### Assigned task
The lines of the records that include "Products" should all be copied.

### Dataset extract
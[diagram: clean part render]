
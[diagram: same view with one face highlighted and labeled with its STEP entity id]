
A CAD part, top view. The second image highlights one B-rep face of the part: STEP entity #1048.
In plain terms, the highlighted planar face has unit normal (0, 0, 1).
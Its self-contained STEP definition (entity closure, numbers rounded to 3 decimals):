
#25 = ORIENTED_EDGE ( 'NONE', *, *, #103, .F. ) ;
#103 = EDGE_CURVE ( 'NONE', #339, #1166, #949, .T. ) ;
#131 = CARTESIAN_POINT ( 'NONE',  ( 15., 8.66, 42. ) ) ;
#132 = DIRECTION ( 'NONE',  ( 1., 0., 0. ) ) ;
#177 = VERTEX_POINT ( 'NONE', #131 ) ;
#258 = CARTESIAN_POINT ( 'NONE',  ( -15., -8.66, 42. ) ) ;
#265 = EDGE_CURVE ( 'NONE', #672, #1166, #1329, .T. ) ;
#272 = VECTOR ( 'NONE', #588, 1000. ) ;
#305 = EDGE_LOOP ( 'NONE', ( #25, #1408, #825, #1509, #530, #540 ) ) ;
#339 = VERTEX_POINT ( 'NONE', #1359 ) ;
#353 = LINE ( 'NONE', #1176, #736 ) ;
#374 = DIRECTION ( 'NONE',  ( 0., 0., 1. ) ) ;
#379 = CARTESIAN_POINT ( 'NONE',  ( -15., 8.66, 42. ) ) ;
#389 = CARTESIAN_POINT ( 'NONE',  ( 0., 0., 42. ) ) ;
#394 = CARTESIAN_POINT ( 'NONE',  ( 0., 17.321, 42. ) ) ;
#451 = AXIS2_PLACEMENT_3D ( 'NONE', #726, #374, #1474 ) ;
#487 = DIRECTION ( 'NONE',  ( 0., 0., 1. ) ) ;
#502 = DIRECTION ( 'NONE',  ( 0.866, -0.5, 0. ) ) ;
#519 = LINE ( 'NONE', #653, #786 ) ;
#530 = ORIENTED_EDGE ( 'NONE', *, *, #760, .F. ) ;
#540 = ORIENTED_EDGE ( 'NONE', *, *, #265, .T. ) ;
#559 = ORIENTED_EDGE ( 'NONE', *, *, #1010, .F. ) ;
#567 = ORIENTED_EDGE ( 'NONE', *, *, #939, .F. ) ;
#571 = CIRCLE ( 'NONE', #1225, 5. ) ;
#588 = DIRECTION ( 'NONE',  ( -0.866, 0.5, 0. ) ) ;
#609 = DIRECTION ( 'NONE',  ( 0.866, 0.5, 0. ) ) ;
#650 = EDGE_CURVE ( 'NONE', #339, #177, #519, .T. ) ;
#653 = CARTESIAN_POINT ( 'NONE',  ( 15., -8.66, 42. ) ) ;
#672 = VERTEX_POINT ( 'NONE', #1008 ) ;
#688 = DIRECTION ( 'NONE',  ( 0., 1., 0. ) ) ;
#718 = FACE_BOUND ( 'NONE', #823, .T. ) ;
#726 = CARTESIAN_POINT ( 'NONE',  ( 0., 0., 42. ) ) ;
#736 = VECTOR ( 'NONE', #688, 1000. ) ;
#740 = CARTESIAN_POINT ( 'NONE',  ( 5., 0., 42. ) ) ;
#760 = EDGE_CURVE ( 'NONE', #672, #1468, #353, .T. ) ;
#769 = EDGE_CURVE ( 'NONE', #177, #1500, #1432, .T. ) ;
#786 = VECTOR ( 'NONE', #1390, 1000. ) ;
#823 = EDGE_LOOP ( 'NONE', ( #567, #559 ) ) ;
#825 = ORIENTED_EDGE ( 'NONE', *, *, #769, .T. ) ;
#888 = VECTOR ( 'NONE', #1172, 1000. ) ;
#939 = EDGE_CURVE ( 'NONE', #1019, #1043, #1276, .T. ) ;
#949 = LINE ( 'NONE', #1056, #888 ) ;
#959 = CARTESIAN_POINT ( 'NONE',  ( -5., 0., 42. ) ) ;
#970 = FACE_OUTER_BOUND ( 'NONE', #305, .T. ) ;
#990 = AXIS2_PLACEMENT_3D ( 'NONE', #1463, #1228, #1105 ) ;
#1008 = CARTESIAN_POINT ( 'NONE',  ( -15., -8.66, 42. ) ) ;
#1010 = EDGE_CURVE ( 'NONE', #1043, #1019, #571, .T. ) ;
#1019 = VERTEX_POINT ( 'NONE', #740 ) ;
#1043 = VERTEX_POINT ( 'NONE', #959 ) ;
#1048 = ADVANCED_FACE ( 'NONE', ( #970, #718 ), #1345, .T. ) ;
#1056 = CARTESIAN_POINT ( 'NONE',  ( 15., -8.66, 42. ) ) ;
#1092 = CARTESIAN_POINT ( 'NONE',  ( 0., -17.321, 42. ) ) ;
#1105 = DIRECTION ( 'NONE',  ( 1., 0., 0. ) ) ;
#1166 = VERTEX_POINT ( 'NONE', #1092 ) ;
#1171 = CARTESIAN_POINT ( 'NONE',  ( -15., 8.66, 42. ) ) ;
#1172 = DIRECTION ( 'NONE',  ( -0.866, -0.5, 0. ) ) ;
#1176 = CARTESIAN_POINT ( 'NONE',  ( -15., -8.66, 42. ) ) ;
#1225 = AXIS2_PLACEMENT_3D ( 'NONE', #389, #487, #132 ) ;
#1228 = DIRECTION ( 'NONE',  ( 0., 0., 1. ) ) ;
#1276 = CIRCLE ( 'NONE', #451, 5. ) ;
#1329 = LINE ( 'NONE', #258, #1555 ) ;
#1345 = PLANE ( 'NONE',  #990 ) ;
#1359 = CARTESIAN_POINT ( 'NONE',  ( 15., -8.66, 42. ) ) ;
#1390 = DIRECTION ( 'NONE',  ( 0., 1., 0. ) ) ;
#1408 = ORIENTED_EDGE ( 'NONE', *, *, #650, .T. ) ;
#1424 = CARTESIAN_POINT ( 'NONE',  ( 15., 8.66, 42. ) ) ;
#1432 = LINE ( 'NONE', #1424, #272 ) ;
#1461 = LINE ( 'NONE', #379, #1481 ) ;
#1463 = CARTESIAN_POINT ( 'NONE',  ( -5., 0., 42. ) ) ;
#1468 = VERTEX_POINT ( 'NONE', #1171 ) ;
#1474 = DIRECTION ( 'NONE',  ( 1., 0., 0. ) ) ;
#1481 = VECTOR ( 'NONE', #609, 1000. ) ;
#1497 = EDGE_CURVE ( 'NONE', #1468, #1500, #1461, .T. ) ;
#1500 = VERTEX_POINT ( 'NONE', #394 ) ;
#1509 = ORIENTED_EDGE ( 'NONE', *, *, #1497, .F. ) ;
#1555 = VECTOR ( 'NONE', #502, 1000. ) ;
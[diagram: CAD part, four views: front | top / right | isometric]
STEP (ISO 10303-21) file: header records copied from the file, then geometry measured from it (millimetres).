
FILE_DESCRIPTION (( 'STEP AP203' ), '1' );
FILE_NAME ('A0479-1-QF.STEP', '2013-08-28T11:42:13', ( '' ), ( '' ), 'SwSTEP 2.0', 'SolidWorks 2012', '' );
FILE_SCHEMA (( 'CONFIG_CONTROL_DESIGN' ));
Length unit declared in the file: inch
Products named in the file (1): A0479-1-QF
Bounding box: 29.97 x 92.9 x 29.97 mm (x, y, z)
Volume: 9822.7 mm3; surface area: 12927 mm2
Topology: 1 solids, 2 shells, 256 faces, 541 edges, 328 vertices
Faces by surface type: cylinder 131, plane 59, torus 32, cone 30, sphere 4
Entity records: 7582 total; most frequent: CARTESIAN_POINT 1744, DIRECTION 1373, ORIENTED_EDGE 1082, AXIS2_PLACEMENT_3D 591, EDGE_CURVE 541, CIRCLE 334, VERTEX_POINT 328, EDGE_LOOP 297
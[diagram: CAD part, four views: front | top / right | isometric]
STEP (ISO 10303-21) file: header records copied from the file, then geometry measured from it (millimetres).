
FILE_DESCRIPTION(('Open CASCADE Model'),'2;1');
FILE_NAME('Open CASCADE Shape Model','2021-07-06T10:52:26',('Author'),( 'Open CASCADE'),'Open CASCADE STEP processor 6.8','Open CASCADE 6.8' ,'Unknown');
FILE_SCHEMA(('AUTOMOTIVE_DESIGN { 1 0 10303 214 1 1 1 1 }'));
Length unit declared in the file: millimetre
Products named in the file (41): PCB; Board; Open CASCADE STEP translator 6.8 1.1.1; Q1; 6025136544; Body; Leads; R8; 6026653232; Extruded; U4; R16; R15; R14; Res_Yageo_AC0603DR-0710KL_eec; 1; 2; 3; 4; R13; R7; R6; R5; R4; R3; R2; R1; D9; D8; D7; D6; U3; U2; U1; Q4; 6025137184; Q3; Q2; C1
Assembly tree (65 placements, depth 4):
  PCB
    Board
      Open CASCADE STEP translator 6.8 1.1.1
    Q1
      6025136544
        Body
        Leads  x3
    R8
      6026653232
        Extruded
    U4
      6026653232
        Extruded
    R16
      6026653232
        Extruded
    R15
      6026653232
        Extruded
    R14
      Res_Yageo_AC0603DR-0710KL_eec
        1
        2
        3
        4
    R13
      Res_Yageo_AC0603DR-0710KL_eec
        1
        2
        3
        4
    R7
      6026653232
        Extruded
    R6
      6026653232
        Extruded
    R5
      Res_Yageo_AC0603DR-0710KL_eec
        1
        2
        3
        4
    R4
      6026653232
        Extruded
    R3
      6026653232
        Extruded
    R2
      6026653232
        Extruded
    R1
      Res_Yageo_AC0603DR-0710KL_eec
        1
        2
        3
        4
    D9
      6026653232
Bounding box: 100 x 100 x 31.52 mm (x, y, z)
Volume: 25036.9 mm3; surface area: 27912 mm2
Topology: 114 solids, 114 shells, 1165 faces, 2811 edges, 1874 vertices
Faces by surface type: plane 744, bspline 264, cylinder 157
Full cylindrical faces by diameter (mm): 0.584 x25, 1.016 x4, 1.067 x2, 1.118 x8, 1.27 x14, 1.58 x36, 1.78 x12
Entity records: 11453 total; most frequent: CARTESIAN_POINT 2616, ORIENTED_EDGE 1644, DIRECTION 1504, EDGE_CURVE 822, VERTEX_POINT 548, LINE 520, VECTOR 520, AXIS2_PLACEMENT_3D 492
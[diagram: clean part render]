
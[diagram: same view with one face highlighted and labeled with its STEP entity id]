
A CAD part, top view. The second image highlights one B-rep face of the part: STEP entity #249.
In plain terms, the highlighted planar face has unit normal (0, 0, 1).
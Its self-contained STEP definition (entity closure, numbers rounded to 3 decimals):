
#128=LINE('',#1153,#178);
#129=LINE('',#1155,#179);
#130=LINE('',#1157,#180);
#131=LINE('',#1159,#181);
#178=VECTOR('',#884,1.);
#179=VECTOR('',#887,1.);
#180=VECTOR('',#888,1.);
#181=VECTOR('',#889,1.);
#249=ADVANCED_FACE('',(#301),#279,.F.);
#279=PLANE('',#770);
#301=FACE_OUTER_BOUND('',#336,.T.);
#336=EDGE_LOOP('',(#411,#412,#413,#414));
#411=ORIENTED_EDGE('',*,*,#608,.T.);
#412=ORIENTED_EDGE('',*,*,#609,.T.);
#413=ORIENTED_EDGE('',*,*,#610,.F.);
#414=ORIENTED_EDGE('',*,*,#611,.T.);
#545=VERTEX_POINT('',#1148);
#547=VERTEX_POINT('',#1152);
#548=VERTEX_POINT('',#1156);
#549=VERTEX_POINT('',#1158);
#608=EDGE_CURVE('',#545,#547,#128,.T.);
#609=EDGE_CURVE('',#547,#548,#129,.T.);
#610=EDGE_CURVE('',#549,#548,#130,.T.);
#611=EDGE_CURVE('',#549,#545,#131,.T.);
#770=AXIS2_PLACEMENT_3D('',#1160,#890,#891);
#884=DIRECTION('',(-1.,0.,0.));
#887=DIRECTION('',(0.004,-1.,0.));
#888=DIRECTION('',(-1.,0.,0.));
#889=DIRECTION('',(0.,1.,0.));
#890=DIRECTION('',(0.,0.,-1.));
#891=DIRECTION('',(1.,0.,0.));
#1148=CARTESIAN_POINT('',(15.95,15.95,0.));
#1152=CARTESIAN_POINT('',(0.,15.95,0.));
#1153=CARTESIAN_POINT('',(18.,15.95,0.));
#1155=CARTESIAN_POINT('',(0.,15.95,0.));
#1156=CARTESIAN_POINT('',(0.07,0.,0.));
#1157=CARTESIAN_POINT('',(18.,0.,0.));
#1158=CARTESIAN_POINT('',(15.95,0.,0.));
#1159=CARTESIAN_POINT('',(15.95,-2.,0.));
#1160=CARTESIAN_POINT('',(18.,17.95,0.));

### Output for this task
Products named in the file (1): A0479-1-QF
Products named in the file (41): PCB; Board; Open CASCADE STEP translator 6.8 1.1.1; Q1; 6025136544; Body; Leads; R8; 6026653232; Extruded; U4; R16; R15; R14; Res_Yageo_AC0603DR-0710KL_eec; 1; 2; 3; 4; R13; R7; R6; R5; R4; R3; R2; R1; D9; D8; D7; D6; U3; U2; U1; Q4; 6025137184; Q3; Q2; C1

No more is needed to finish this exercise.